Component                                         Date             

| | I am aware of information of the type contained in Appendix E,(on reverse) DoD 5200.2R, Personnel Security Program, relating to subject's trustworthiness, reliability, or loyalty that may reflect adversely on his/her ability to safeguard classified information is detailed on an attached statement.

Title and Signature                                                     

Component                                         Date               

 

[DMA FORM 5200-6]

APPENDIX E

REPORTING OF NONDEROGATORY CASES

Background Investigation (BI) and Special Background Investigation (SBI) shall be considered as devoid of significant adverse information unless they contain information listed below:

1. Incidents, infractions, offenses, charges, citations, arrests, suspicion or allegation of illegal use or abuse of drugs or alcohol, theft or dishonesty, unreliability, irresponsibility, immaturity, instability or recklessness, the use of force, violence or weapons or actions that indicate disregard for the law due to multiplicity of minor infractions.

2. All indications of moral turpitude, heterosexual promiscuity, aberrant, deviate, or bizarre sexual conduct or behavior, transvestitism, transsexualism, indecent exposure, rape, contributing to the delinquency of a minor, child molestation, wife-swapping, window-peeping, and similar situations from whatever source. Unlisted full-time employment or education; full-time education or employment that cannot be verified by any reference or record source or that contains indications of falsified education or employment experience. Records or testimony of employment, education, or military service where the individual was involved in serious offenses or incidents that would reflect adversely on the honesty, reliability, trustworthiness, or stability of the individual.

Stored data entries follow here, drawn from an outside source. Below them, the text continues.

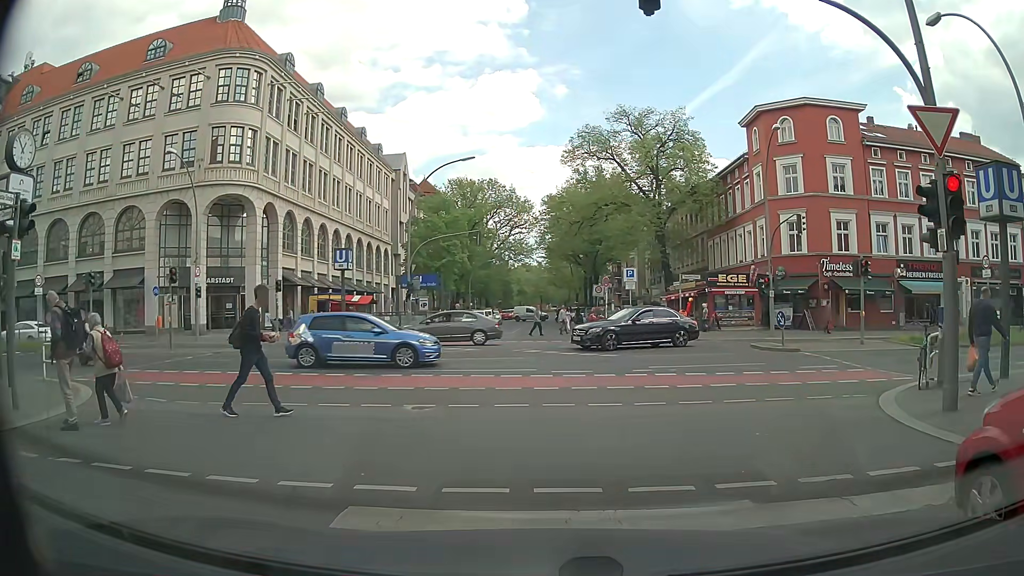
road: residential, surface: sett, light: Day
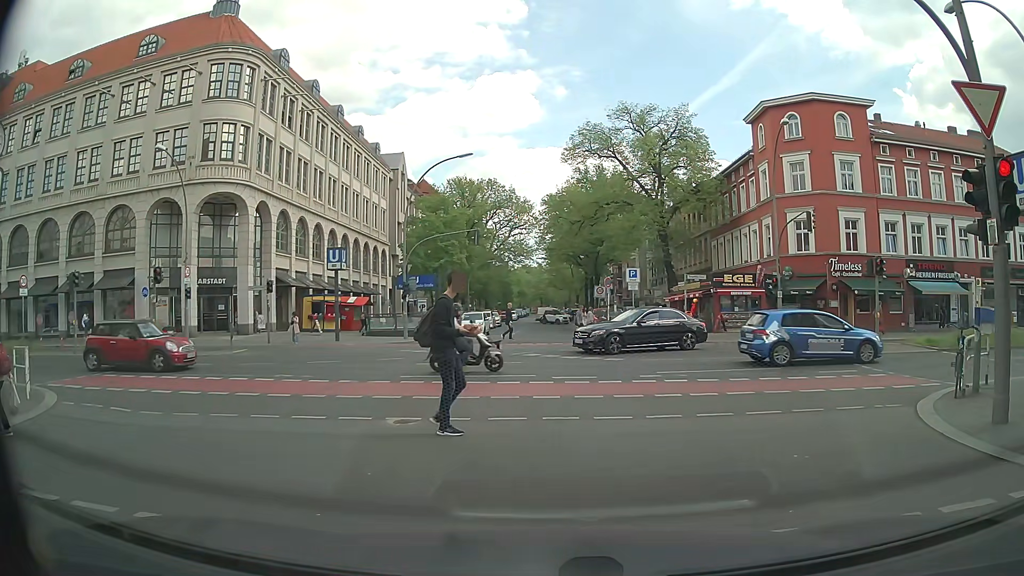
(0.0, +1.1) m; 0°
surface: asphalt
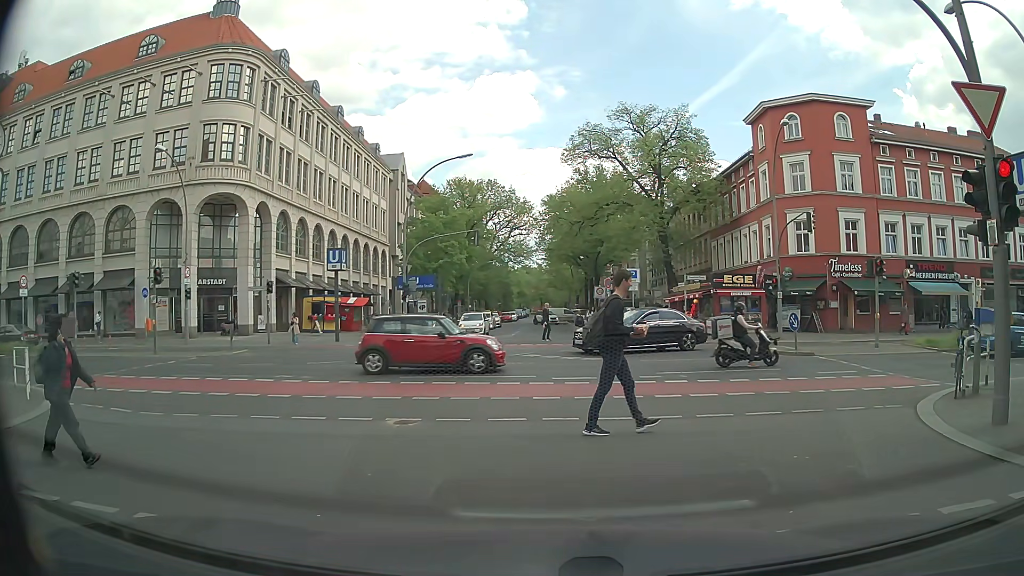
(0.0, +0.1) m; 0°
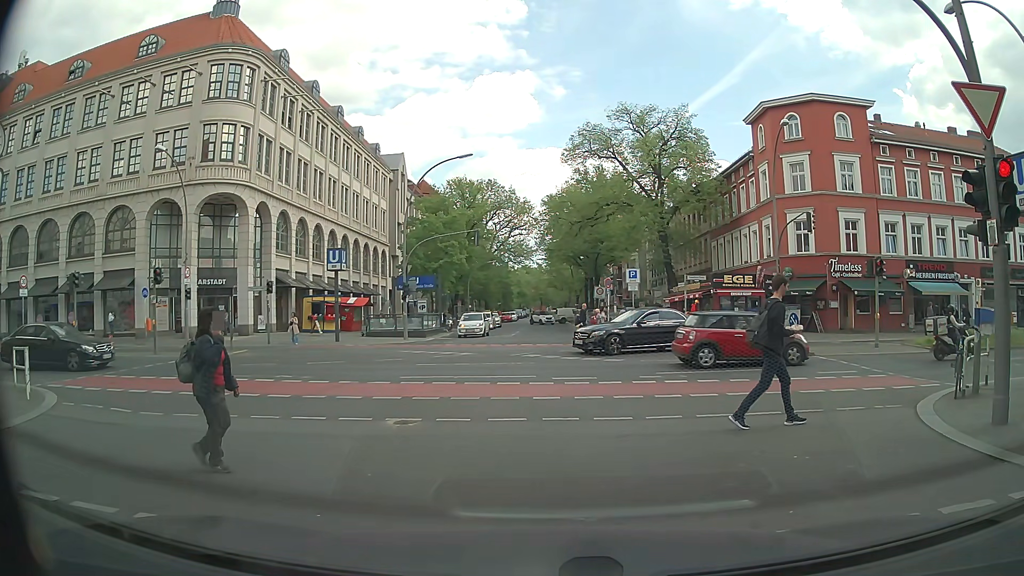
(0.0, 0.0) m; 0°
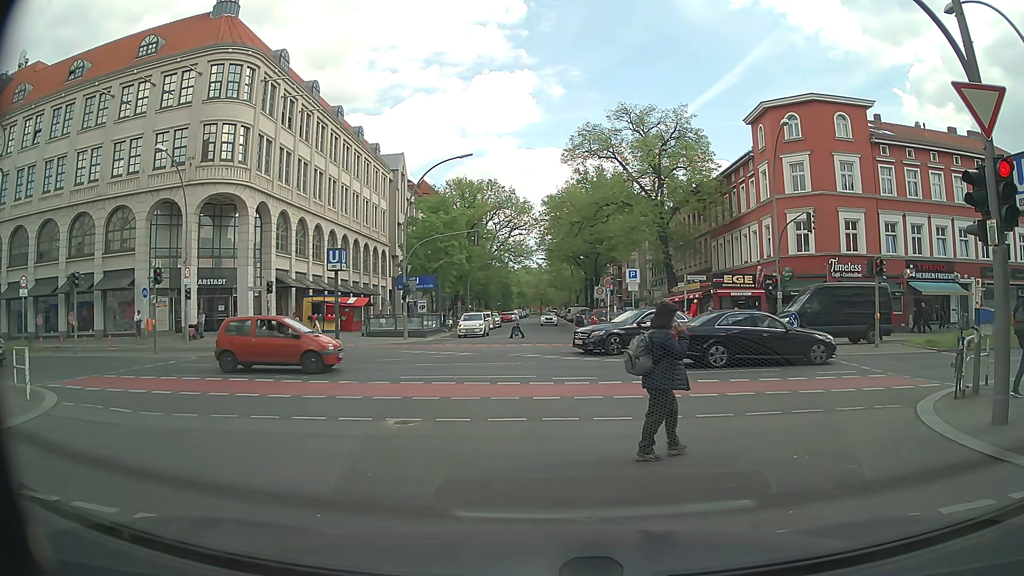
(0.0, 0.0) m; 0°
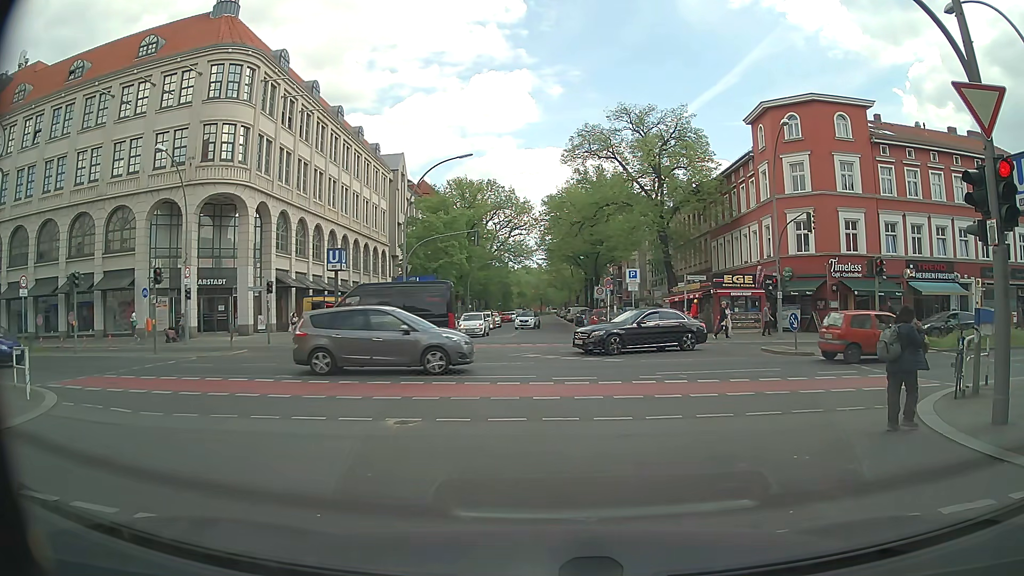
(0.0, 0.0) m; 0°
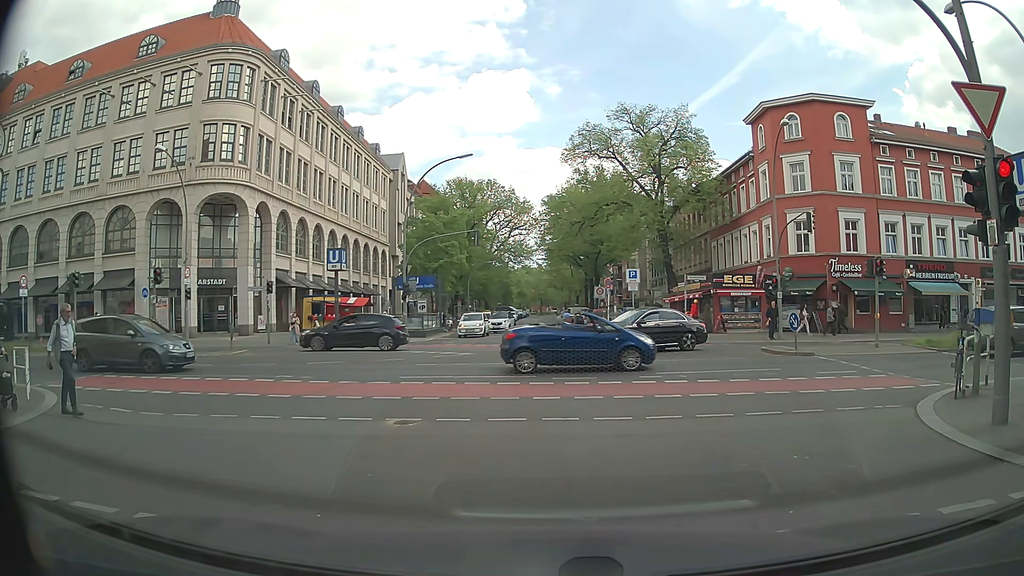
(0.0, 0.0) m; 0°
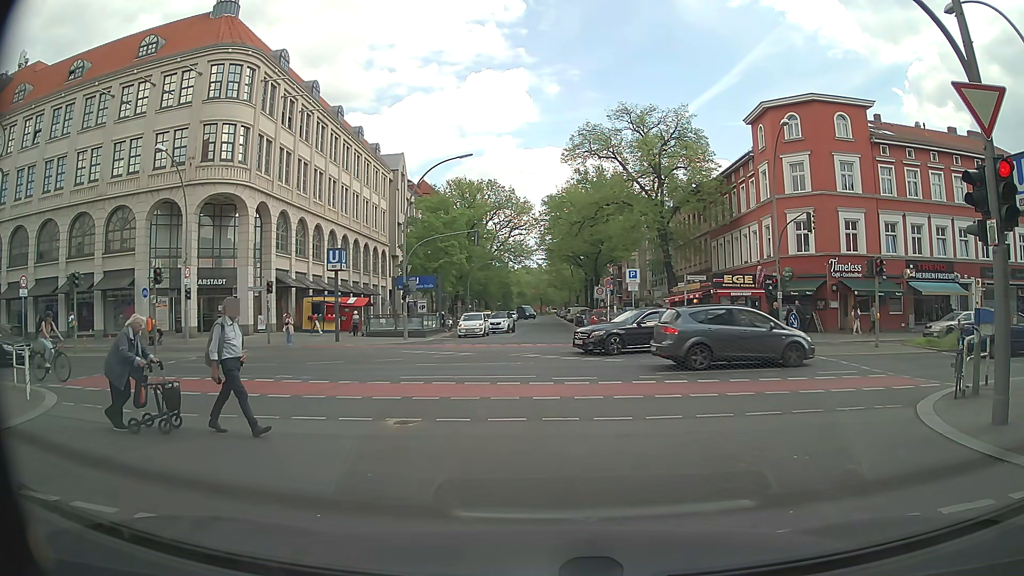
(0.0, 0.0) m; 0°
(0, +10) (-1, +20) (-1, +30) (-1, +40) (-2, +50) (-2, +60) (-2, +70) (-2, +80) (-3, +90) (-3, +100) m

3. Foreign travel, education, visits, correspondence, relatives, or contact with persons from or living in a designated country. (Appendix H)

4. Mental, nervous, emotional, psychological, psychiatric, or character disorders/behavior or treatment reported or alleged from any source.

5. Excessive indebtedness, bad checks, financial difficulties or irresponsibility, unexplained affluence, bankruptcy, or evidence of living beyond the individual's means.

6. Any other significant information relating to the criteria included in a. through q. of paragraph 2-200 or Appendix I of DoD 5200.2-R.